趙霁在沈玉林等人的護送下追來,一把将陳啓文拉住,見他眼底有狂亂之意,俱是一驚。

“別攔着我!”陳啓文反手一推,險些将趙霁搡倒。

沈玉林扶穩了宣王,檢查過他沒有別的什麽損傷,虎目圓睜朝陳啓文喝道:“放肆!”

他這一聲暴喝讓陳啓文冷靜下來,向趙霁拱手道:“小生失禮了,還請王爺降罪。”

趙霁擺擺手,并沒有生他的氣。
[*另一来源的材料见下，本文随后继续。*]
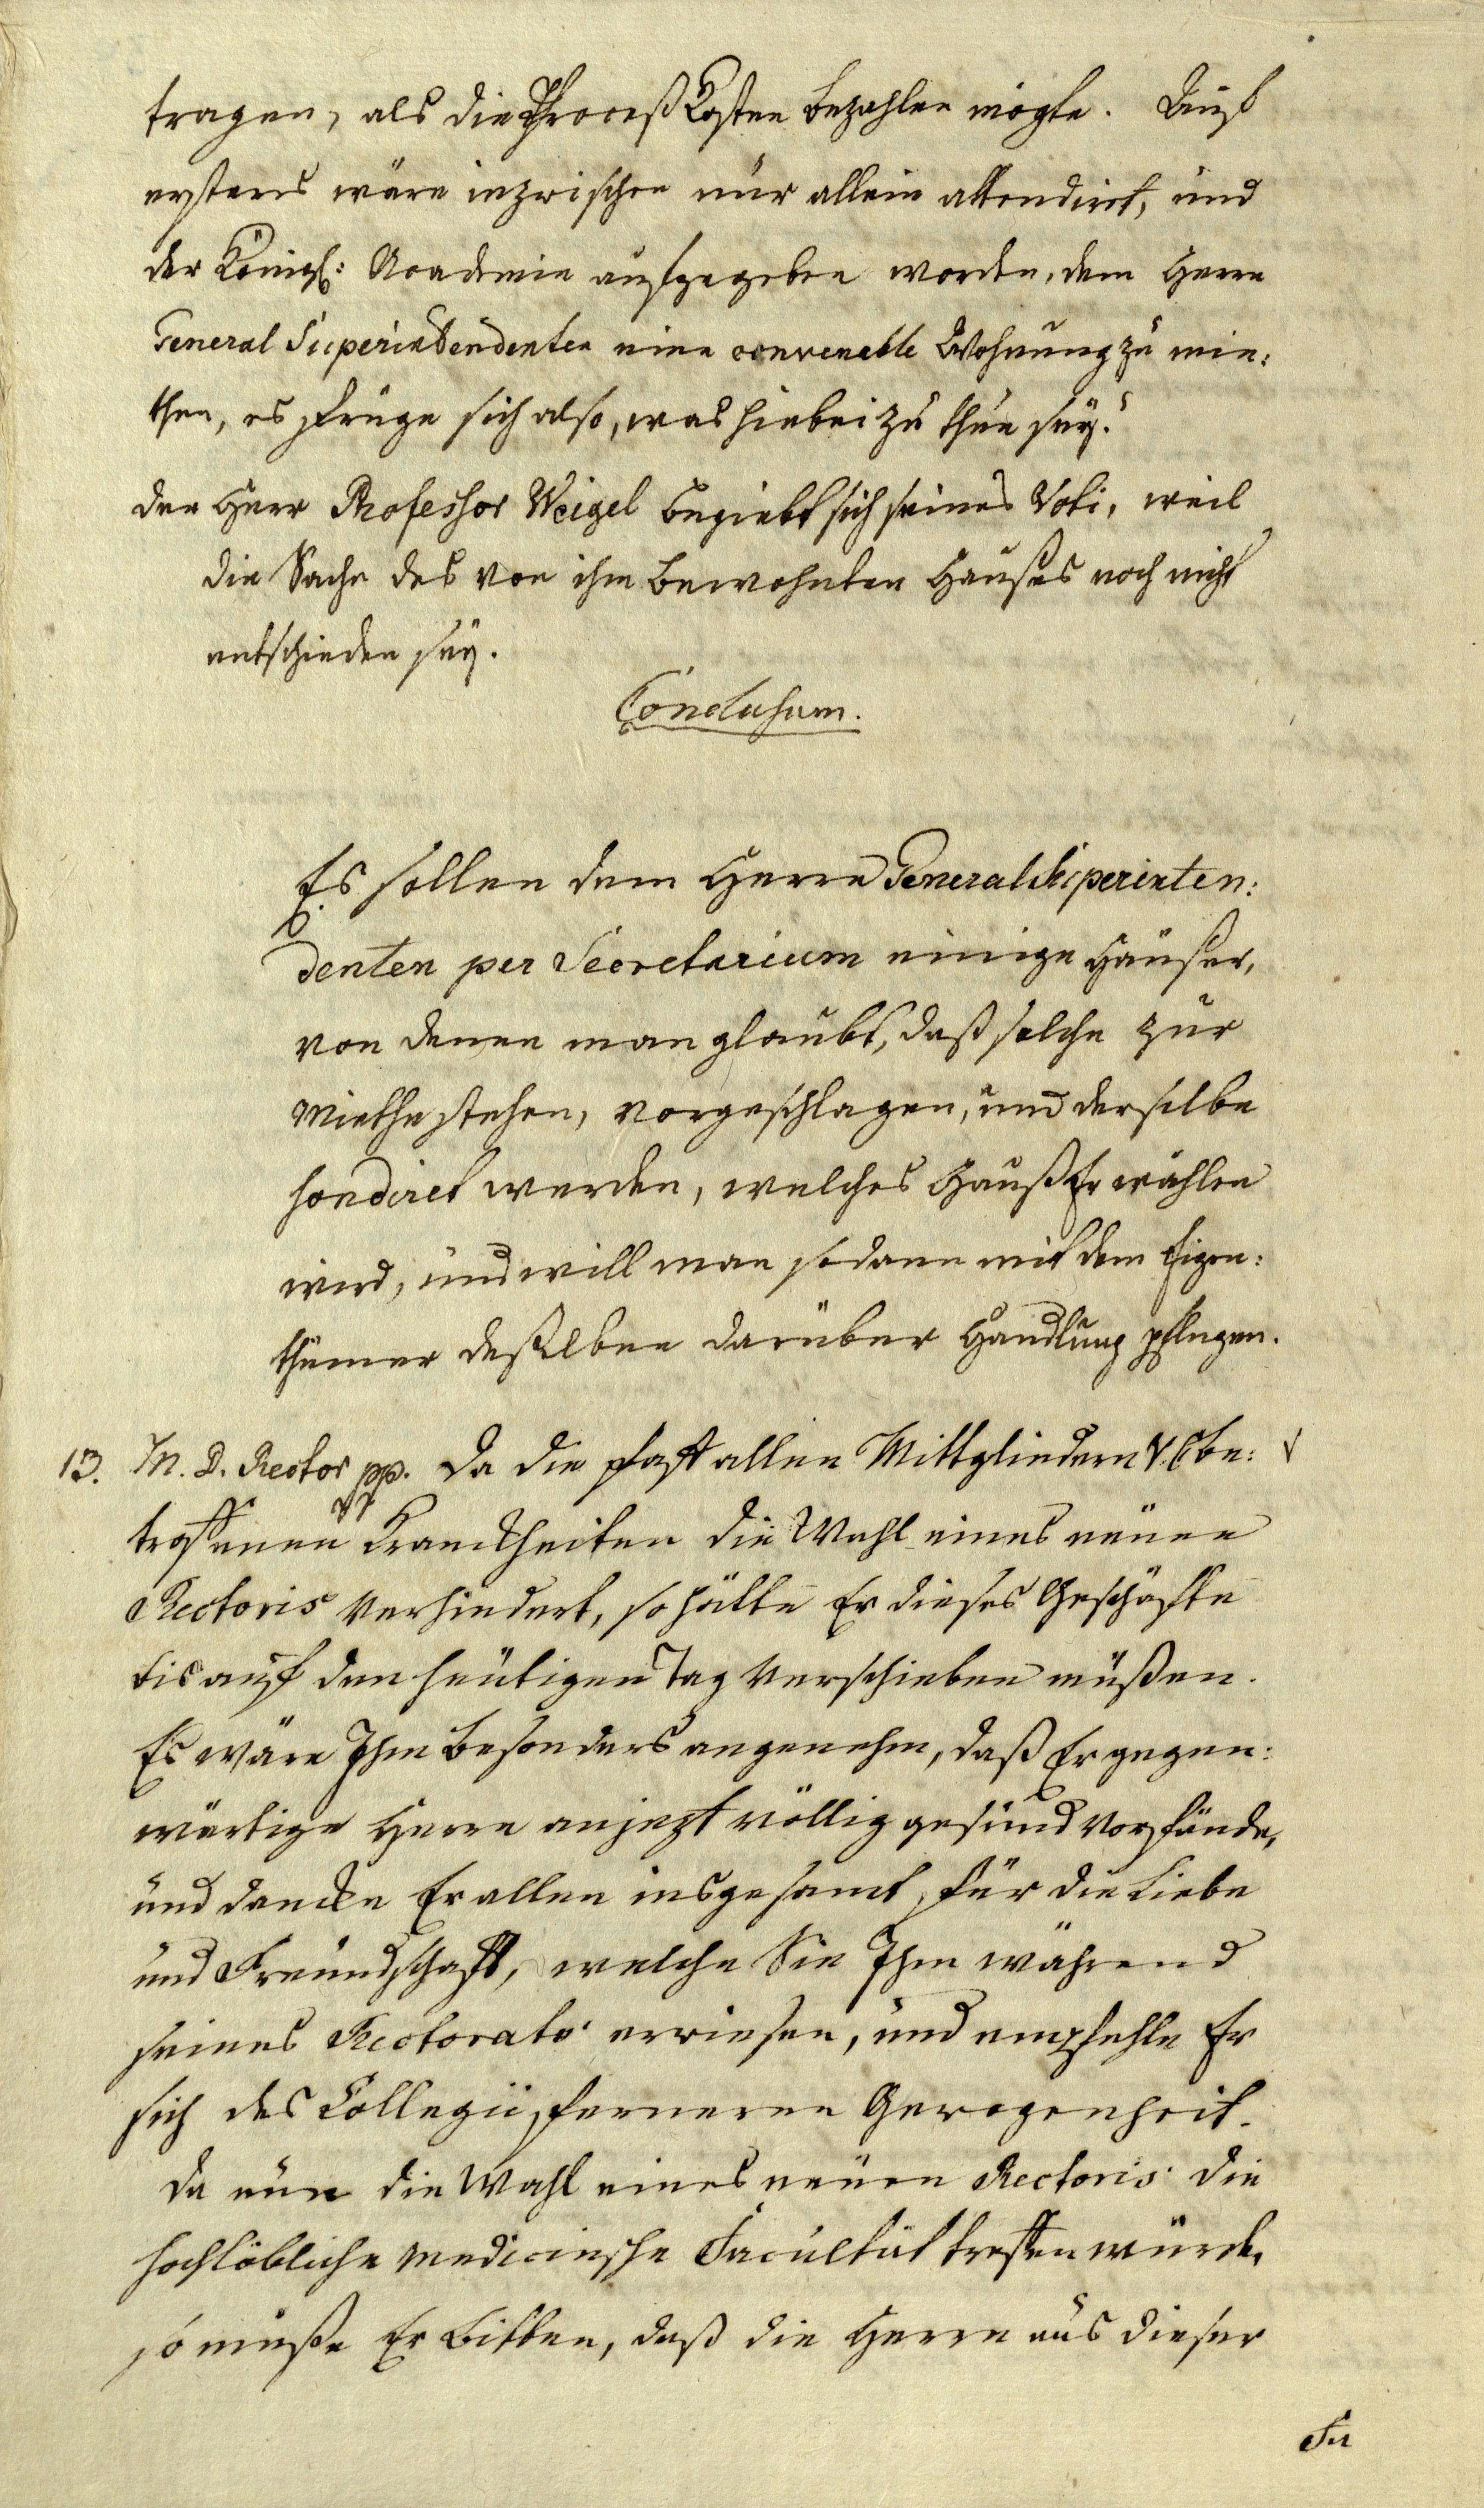tragen, als die ProceßKosten bezahlen mögte. Auf
ersteres wäre inzwischen nur allein attendiret, und
der Königl. Academie aufgegeben worden, dem Herrn
General Superintendenten eine convenable Wohnung zu mie¬
then, es früge sich also, was hiebei zu thun seÿ?
Der Herr Professor Weigel begiebt sich seines Voti, weil
die Sache des von ihm bewohnten Hauses noch nicht
entschieden seÿ.
Conclusum
Es sollen dem Herrn GeneralSuperinten¬
denten per Secretarium einige Häußer,
von denen man glaubt, daß solche zur
Miethe stehen, vorgeschlagen, und derselbe
sondiret werden, welches Hauß Er wählen
wird, und will man sodann mit dem Eigen¬
thümer deßelben darüber Handlung pflegen.
13. M. D. Rector pp. Da die fast allen Mittgliedern V. C be¬
troffenen Kranckheiten die Wahl eines neuen
Rectoris verhindert, so hätte Er dieses Geschäfte
bis auf den heutigen Tag verschieben müßen.
Es wäre Ihm besonders angenehm, daß Er gegen¬
wärtige Herrn anjezt völlig gesund vorfände,
und dancke Er allen insgesamt, für die Liebe
und Freundschaft, welche Sie Ihm während
seines Rectorats erwiesen, und empfehle Er
sich des Collegii ferneren Gewogenheit.
Da nun die Wahl eines neuen Rectoris die
hochlöbliche Medicinische Facultät treffen würde,
so müße Er bitten, daß die Herren aus dieser

他舉目四處望去,只見各色的玩意兒羅列攤上,除了熱情吆喝的攤主商販們,都是些被主家打發來買東西的家仆。

尋常百姓不會大老遠上山來采買,他們這買賣營生,全靠來護國寺進香的達官貴人們照顧。

“可是見到了相熟的人?”

陳生失去了記憶,對此一直耿耿于懷,趙霁有心幫一幫他。

陳啓文說不清,目光依舊不死心地逡巡在人流裏。

沈玉林擰着眉,看不慣他無視王爺,正要斥責他兩句,卻見這人沒頭沒腦地往一處疾奔。

想不到這陳啓文看着弱不禁風,撒起腿來竟跑得這樣快!

朱子闊和孟龍潭都是囊中少錢的清苦書生,此番進京趕考,苦于“京城居,大不易”,便商量着借宿在寺廟裏。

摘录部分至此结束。